Principle Rollin T. Gridley Dies

Last Updated on 8/11/00 By Tom Prefling

TUCSON, Ariz. (AP) - Longtime football coach Rollin T. Gridley, whose players included Frank Borman of the U.S. space program, died Tuesday. He was 96.

Gridley served as football and basketball coach variously at Tucson High from 1927 through 1947. He later held administrative positions with a number of Tucson schools.

Borman, who circled the moon as commander of the 1968 Apollo 8 mission, praised Gridley in his autobiography as having been a pivotal person in his life.

"He just stood for all the right things,'' Borman, the former president of Eastern Airlines who now resides in Las Cruces, N.M., said in an interview this summer. ``Discipline was a hallmark.''

Gridley is a member of the Arizona Basketball Hall of Fame and the Arizona Coaches Association Hall of Fame.

In June, the Tucson Unified School District governing board voted to name the football stadium at Tucson High Magnet School after Gridley. A middle school already bore his name.

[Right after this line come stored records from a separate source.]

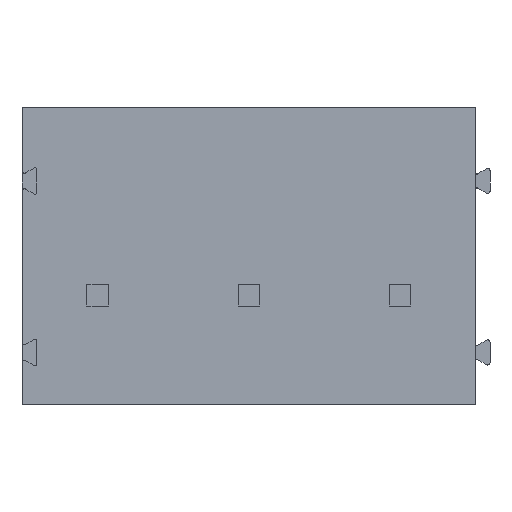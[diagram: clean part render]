
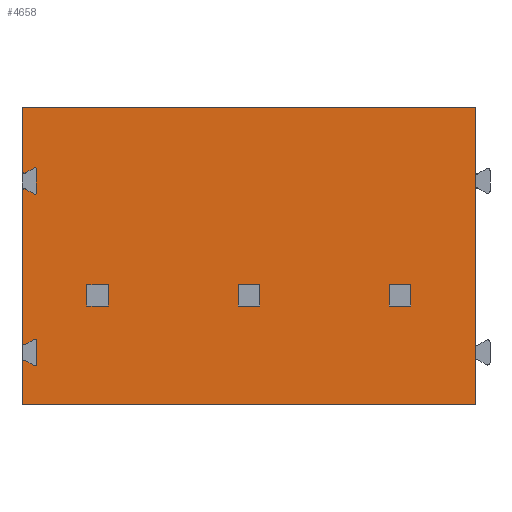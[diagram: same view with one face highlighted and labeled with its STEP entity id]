
A CAD part, front view. The second image highlights one B-rep face of the part: STEP entity #4658.
In plain terms, the highlighted planar face has unit normal (0, -1, 0).
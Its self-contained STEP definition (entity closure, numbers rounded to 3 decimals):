
#19=DIRECTION('',(0.,0.,-1.));
#20=VECTOR('',#19,1.773);
#21=CARTESIAN_POINT('',(-9.525,-6.85,-10.727));
#22=LINE('',#21,#20);
#82=DIRECTION('',(0.,0.,-1.));
#83=VECTOR('',#82,2.673);
#84=CARTESIAN_POINT('',(-9.525,-6.85,0.));
#85=LINE('',#84,#83);
#110=DIRECTION('',(0.,0.,-1.));
#111=VECTOR('',#110,6.346);
#112=CARTESIAN_POINT('',(-9.525,-6.85,-3.527));
#113=LINE('',#112,#111);
#237=CARTESIAN_POINT('',(-9.425,-6.85,-3.527));
#238=DIRECTION('',(0.,-1.,0.));
#239=DIRECTION('',(0.5,0.,0.866));
#240=AXIS2_PLACEMENT_3D('',#237,#238,#239);
#245=DIRECTION('',(0.866,0.,-0.5));
#246=VECTOR('',#245,0.433);
#247=CARTESIAN_POINT('',(-9.375,-6.85,-3.44));
#248=LINE('',#247,#246);
#252=CARTESIAN_POINT('',(-8.975,-6.85,-3.614));
#253=DIRECTION('',(0.,-1.,0.));
#254=DIRECTION('',(-0.5,0.,-0.866));
#255=AXIS2_PLACEMENT_3D('',#252,#253,#254);
#260=DIRECTION('',(0.,0.,1.));
#261=VECTOR('',#260,1.027);
#262=CARTESIAN_POINT('',(-8.925,-6.85,-3.614));
#263=LINE('',#262,#261);
#267=CARTESIAN_POINT('',(-8.975,-6.85,-2.586));
#268=DIRECTION('',(0.,-1.,0.));
#269=DIRECTION('',(1.,0.,0.));
#270=AXIS2_PLACEMENT_3D('',#267,#268,#269);
#275=DIRECTION('',(-0.866,0.,-0.5));
#276=VECTOR('',#275,0.433);
#277=CARTESIAN_POINT('',(-9.,-6.85,-2.543));
#278=LINE('',#277,#276);
#282=CARTESIAN_POINT('',(-9.425,-6.85,-2.673));
#283=DIRECTION('',(0.,-1.,0.));
#284=DIRECTION('',(-1.,0.,0.));
#285=AXIS2_PLACEMENT_3D('',#282,#283,#284);
#290=DIRECTION('',(1.,0.,0.));
#291=VECTOR('',#290,19.05);
#292=CARTESIAN_POINT('',(-9.525,-6.85,0.));
#293=LINE('',#292,#291);
#297=CARTESIAN_POINT('',(-9.425,-6.85,-10.727));
#298=DIRECTION('',(0.,-1.,0.));
#299=DIRECTION('',(0.5,0.,0.866));
#300=AXIS2_PLACEMENT_3D('',#297,#298,#299);
#305=DIRECTION('',(0.866,0.,-0.5));
#306=VECTOR('',#305,0.433);
#307=CARTESIAN_POINT('',(-9.375,-6.85,-10.64));
#308=LINE('',#307,#306);
#312=CARTESIAN_POINT('',(-8.975,-6.85,-10.814));
#313=DIRECTION('',(0.,-1.,0.));
#314=DIRECTION('',(-0.5,0.,-0.866));
#315=AXIS2_PLACEMENT_3D('',#312,#313,#314);
#320=DIRECTION('',(0.,0.,1.));
#321=VECTOR('',#320,1.027);
#322=CARTESIAN_POINT('',(-8.925,-6.85,-10.814));
#323=LINE('',#322,#321);
#327=CARTESIAN_POINT('',(-8.975,-6.85,-9.786));
#328=DIRECTION('',(0.,-1.,0.));
#329=DIRECTION('',(1.,0.,0.));
#330=AXIS2_PLACEMENT_3D('',#327,#328,#329);
#335=DIRECTION('',(-0.866,0.,-0.5));
#336=VECTOR('',#335,0.433);
#337=CARTESIAN_POINT('',(-9.,-6.85,-9.743));
#338=LINE('',#337,#336);
#342=CARTESIAN_POINT('',(-9.425,-6.85,-9.873));
#343=DIRECTION('',(0.,-1.,0.));
#344=DIRECTION('',(-1.,0.,0.));
#345=AXIS2_PLACEMENT_3D('',#342,#343,#344);
#350=DIRECTION('',(0.,0.,-1.));
#351=VECTOR('',#350,0.9);
#352=CARTESIAN_POINT('',(-6.8,-6.85,-7.45));
#353=LINE('',#352,#351);
#357=DIRECTION('',(1.,0.,0.));
#358=VECTOR('',#357,0.9);
#359=CARTESIAN_POINT('',(-6.8,-6.85,-8.35));
#360=LINE('',#359,#358);
#364=DIRECTION('',(0.,0.,-1.));
#365=VECTOR('',#364,0.9);
#366=CARTESIAN_POINT('',(-5.9,-6.85,-7.45));
#367=LINE('',#366,#365);
#371=DIRECTION('',(1.,0.,0.));
#372=VECTOR('',#371,0.9);
#373=CARTESIAN_POINT('',(-6.8,-6.85,-7.45));
#374=LINE('',#373,#372);
#378=DIRECTION('',(0.,0.,-1.));
#379=VECTOR('',#378,0.9);
#380=CARTESIAN_POINT('',(-0.45,-6.85,-7.45));
#381=LINE('',#380,#379);
#385=DIRECTION('',(1.,0.,0.));
#386=VECTOR('',#385,0.9);
#387=CARTESIAN_POINT('',(-0.45,-6.85,-8.35));
#388=LINE('',#387,#386);
#392=DIRECTION('',(0.,0.,-1.));
#393=VECTOR('',#392,0.9);
#394=CARTESIAN_POINT('',(0.45,-6.85,-7.45));
#395=LINE('',#394,#393);
#399=DIRECTION('',(1.,0.,0.));
#400=VECTOR('',#399,0.9);
#401=CARTESIAN_POINT('',(-0.45,-6.85,-7.45));
#402=LINE('',#401,#400);
#406=DIRECTION('',(0.,0.,-1.));
#407=VECTOR('',#406,0.9);
#408=CARTESIAN_POINT('',(5.9,-6.85,-7.45));
#409=LINE('',#408,#407);
#413=DIRECTION('',(1.,0.,0.));
#414=VECTOR('',#413,0.9);
#415=CARTESIAN_POINT('',(5.9,-6.85,-8.35));
#416=LINE('',#415,#414);
#420=DIRECTION('',(0.,0.,-1.));
#421=VECTOR('',#420,0.9);
#422=CARTESIAN_POINT('',(6.8,-6.85,-7.45));
#423=LINE('',#422,#421);
#427=DIRECTION('',(1.,0.,0.));
#428=VECTOR('',#427,0.9);
#429=CARTESIAN_POINT('',(5.9,-6.85,-7.45));
#430=LINE('',#429,#428);
#862=DIRECTION('',(1.,0.,0.));
#863=VECTOR('',#862,19.05);
#864=CARTESIAN_POINT('',(-9.525,-6.85,-12.5));
#865=LINE('',#864,#863);
#1514=DIRECTION('',(0.,0.,-1.));
#1515=VECTOR('',#1514,12.5);
#1516=CARTESIAN_POINT('',(9.525,-6.85,0.));
#1517=LINE('',#1516,#1515);
#3893=CARTESIAN_POINT('',(-9.525,-6.85,0.));
#3894=VERTEX_POINT('',#3893);
#3895=CARTESIAN_POINT('',(-9.525,-6.85,-12.5));
#3897=VERTEX_POINT('',#3895);
#3911=CARTESIAN_POINT('',(9.525,-6.85,0.));
#3912=VERTEX_POINT('',#3911);
#3913=CARTESIAN_POINT('',(9.525,-6.85,-12.5));
#3914=VERTEX_POINT('',#3913);
#3953=CARTESIAN_POINT('',(-9.525,-6.85,-3.527));
#3954=VERTEX_POINT('',#3953);
#3955=CARTESIAN_POINT('',(-9.525,-6.85,-2.673));
#3956=VERTEX_POINT('',#3955);
#3957=CARTESIAN_POINT('',(-9.525,-6.85,-9.873));
#3958=VERTEX_POINT('',#3957);
#3959=CARTESIAN_POINT('',(-9.525,-6.85,-10.727));
#3960=VERTEX_POINT('',#3959);
#3961=CARTESIAN_POINT('',(-9.375,-6.85,-3.44));
#3962=VERTEX_POINT('',#3961);
#3963=CARTESIAN_POINT('',(-9.,-6.85,-3.657));
#3964=VERTEX_POINT('',#3963);
#3965=CARTESIAN_POINT('',(-8.925,-6.85,-3.614));
#3966=VERTEX_POINT('',#3965);
#3967=CARTESIAN_POINT('',(-8.925,-6.85,-2.586));
#3968=VERTEX_POINT('',#3967);
#3969=CARTESIAN_POINT('',(-9.,-6.85,-2.543));
#3970=VERTEX_POINT('',#3969);
#3971=CARTESIAN_POINT('',(-9.375,-6.85,-2.76));
#3972=VERTEX_POINT('',#3971);
#3973=CARTESIAN_POINT('',(-9.375,-6.85,-10.64));
#3974=CARTESIAN_POINT('',(-9.,-6.85,-10.857));
#3975=VERTEX_POINT('',#3973);
#3976=VERTEX_POINT('',#3974);
#3977=CARTESIAN_POINT('',(-8.925,-6.85,-10.814));
#3978=VERTEX_POINT('',#3977);
#3979=CARTESIAN_POINT('',(-8.925,-6.85,-9.786));
#3980=VERTEX_POINT('',#3979);
#3981=CARTESIAN_POINT('',(-9.,-6.85,-9.743));
#3982=VERTEX_POINT('',#3981);
#3983=CARTESIAN_POINT('',(-9.375,-6.85,-9.96));
#3984=VERTEX_POINT('',#3983);
#4093=CARTESIAN_POINT('',(-6.8,-6.85,-7.45));
#4094=CARTESIAN_POINT('',(-6.8,-6.85,-8.35));
#4095=VERTEX_POINT('',#4093);
#4096=VERTEX_POINT('',#4094);
#4097=CARTESIAN_POINT('',(-5.9,-6.85,-7.45));
#4098=CARTESIAN_POINT('',(-5.9,-6.85,-8.35));
#4099=VERTEX_POINT('',#4097);
#4100=VERTEX_POINT('',#4098);
#4259=CARTESIAN_POINT('',(-0.45,-6.85,-7.45));
#4260=VERTEX_POINT('',#4259);
#4261=CARTESIAN_POINT('',(-0.45,-6.85,-8.35));
#4262=VERTEX_POINT('',#4261);
#4263=CARTESIAN_POINT('',(0.45,-6.85,-7.45));
#4264=VERTEX_POINT('',#4263);
#4265=CARTESIAN_POINT('',(0.45,-6.85,-8.35));
#4266=VERTEX_POINT('',#4265);
#4371=CARTESIAN_POINT('',(5.9,-6.85,-7.45));
#4372=VERTEX_POINT('',#4371);
#4373=CARTESIAN_POINT('',(5.9,-6.85,-8.35));
#4374=VERTEX_POINT('',#4373);
#4375=CARTESIAN_POINT('',(6.8,-6.85,-7.45));
#4376=VERTEX_POINT('',#4375);
#4377=CARTESIAN_POINT('',(6.8,-6.85,-8.35));
#4378=VERTEX_POINT('',#4377);
#4585=CARTESIAN_POINT('',(-9.525,-6.85,0.));
#4586=DIRECTION('',(0.,-1.,0.));
#4587=DIRECTION('',(0.,0.,-1.));
#4588=AXIS2_PLACEMENT_3D('',#4585,#4586,#4587);
#4589=PLANE('',#4588);
#4591=ORIENTED_EDGE('',*,*,#4590,.F.);
#4593=ORIENTED_EDGE('',*,*,#4592,.T.);
#4595=ORIENTED_EDGE('',*,*,#4594,.T.);
#4597=ORIENTED_EDGE('',*,*,#4596,.T.);
#4599=ORIENTED_EDGE('',*,*,#4598,.T.);
#4601=ORIENTED_EDGE('',*,*,#4600,.T.);
#4603=ORIENTED_EDGE('',*,*,#4602,.F.);
#4604=ORIENTED_EDGE('',*,*,#4510,.F.);
#4606=ORIENTED_EDGE('',*,*,#4605,.T.);
#4608=ORIENTED_EDGE('',*,*,#4607,.T.);
#4610=ORIENTED_EDGE('',*,*,#4609,.F.);
#4611=ORIENTED_EDGE('',*,*,#4492,.F.);
#4613=ORIENTED_EDGE('',*,*,#4612,.F.);
#4615=ORIENTED_EDGE('',*,*,#4614,.T.);
#4617=ORIENTED_EDGE('',*,*,#4616,.T.);
#4619=ORIENTED_EDGE('',*,*,#4618,.T.);
#4621=ORIENTED_EDGE('',*,*,#4620,.T.);
#4623=ORIENTED_EDGE('',*,*,#4622,.T.);
#4624=ORIENTED_EDGE('',*,*,#4577,.F.);
#4625=ORIENTED_EDGE('',*,*,#4518,.F.);
#4626=EDGE_LOOP('',(#4591,#4593,#4595,#4597,#4599,#4601,#4603,#4604,#4606,#4608,
#4610,#4611,#4613,#4615,#4617,#4619,#4621,#4623,#4624,#4625));
#4627=FACE_OUTER_BOUND('',#4626,.F.);
#4629=ORIENTED_EDGE('',*,*,#4628,.T.);
#4631=ORIENTED_EDGE('',*,*,#4630,.T.);
#4633=ORIENTED_EDGE('',*,*,#4632,.F.);
#4635=ORIENTED_EDGE('',*,*,#4634,.F.);
#4636=EDGE_LOOP('',(#4629,#4631,#4633,#4635));
#4637=FACE_BOUND('',#4636,.F.);
#4639=ORIENTED_EDGE('',*,*,#4638,.T.);
#4641=ORIENTED_EDGE('',*,*,#4640,.T.);
#4643=ORIENTED_EDGE('',*,*,#4642,.F.);
#4645=ORIENTED_EDGE('',*,*,#4644,.F.);
#4646=EDGE_LOOP('',(#4639,#4641,#4643,#4645));
#4647=FACE_BOUND('',#4646,.F.);
#4649=ORIENTED_EDGE('',*,*,#4648,.T.);
#4651=ORIENTED_EDGE('',*,*,#4650,.T.);
#4653=ORIENTED_EDGE('',*,*,#4652,.F.);
#4655=ORIENTED_EDGE('',*,*,#4654,.F.);
#4656=EDGE_LOOP('',(#4649,#4651,#4653,#4655));
#4657=FACE_BOUND('',#4656,.F.);
#241=CIRCLE('',#240,0.1);
#256=CIRCLE('',#255,0.05);
#271=CIRCLE('',#270,0.05);
#286=CIRCLE('',#285,0.1);
#301=CIRCLE('',#300,0.1);
#316=CIRCLE('',#315,0.05);
#331=CIRCLE('',#330,0.05);
#346=CIRCLE('',#345,0.1);
#4492=EDGE_CURVE('',#3960,#3897,#22,.T.);
#4510=EDGE_CURVE('',#3894,#3956,#85,.T.);
#4518=EDGE_CURVE('',#3954,#3958,#113,.T.);
#4577=EDGE_CURVE('',#3958,#3984,#346,.T.);
#4590=EDGE_CURVE('',#3962,#3954,#241,.T.);
#4592=EDGE_CURVE('',#3962,#3964,#248,.T.);
#4594=EDGE_CURVE('',#3964,#3966,#256,.T.);
#4596=EDGE_CURVE('',#3966,#3968,#263,.T.);
#4598=EDGE_CURVE('',#3968,#3970,#271,.T.);
#4600=EDGE_CURVE('',#3970,#3972,#278,.T.);
#4602=EDGE_CURVE('',#3956,#3972,#286,.T.);
#4605=EDGE_CURVE('',#3894,#3912,#293,.T.);
#4607=EDGE_CURVE('',#3912,#3914,#1517,.T.);
#4609=EDGE_CURVE('',#3897,#3914,#865,.T.);
#4612=EDGE_CURVE('',#3975,#3960,#301,.T.);
#4614=EDGE_CURVE('',#3975,#3976,#308,.T.);
#4616=EDGE_CURVE('',#3976,#3978,#316,.T.);
#4618=EDGE_CURVE('',#3978,#3980,#323,.T.);
#4620=EDGE_CURVE('',#3980,#3982,#331,.T.);
#4622=EDGE_CURVE('',#3982,#3984,#338,.T.);
#4628=EDGE_CURVE('',#4095,#4096,#353,.T.);
#4630=EDGE_CURVE('',#4096,#4100,#360,.T.);
#4632=EDGE_CURVE('',#4099,#4100,#367,.T.);
#4634=EDGE_CURVE('',#4095,#4099,#374,.T.);
#4638=EDGE_CURVE('',#4260,#4262,#381,.T.);
#4640=EDGE_CURVE('',#4262,#4266,#388,.T.);
#4642=EDGE_CURVE('',#4264,#4266,#395,.T.);
#4644=EDGE_CURVE('',#4260,#4264,#402,.T.);
#4648=EDGE_CURVE('',#4372,#4374,#409,.T.);
#4650=EDGE_CURVE('',#4374,#4378,#416,.T.);
#4652=EDGE_CURVE('',#4376,#4378,#423,.T.);
#4654=EDGE_CURVE('',#4372,#4376,#430,.T.);
#4658=ADVANCED_FACE('',(#4627,#4637,#4647,#4657),#4589,.T.);

That he stayed in Arizona was almost happenstance. He had been en route to University of California at Berkeley in 1924 but became caught up in University of Arizona coach J.F. ``Pop'' McKale football program and stayed.

Gridley is survived by daughters Anderson and Jeanette Johnson, both of Tucson, and five grandchildren. Funeral arrangements were pending Wednesday.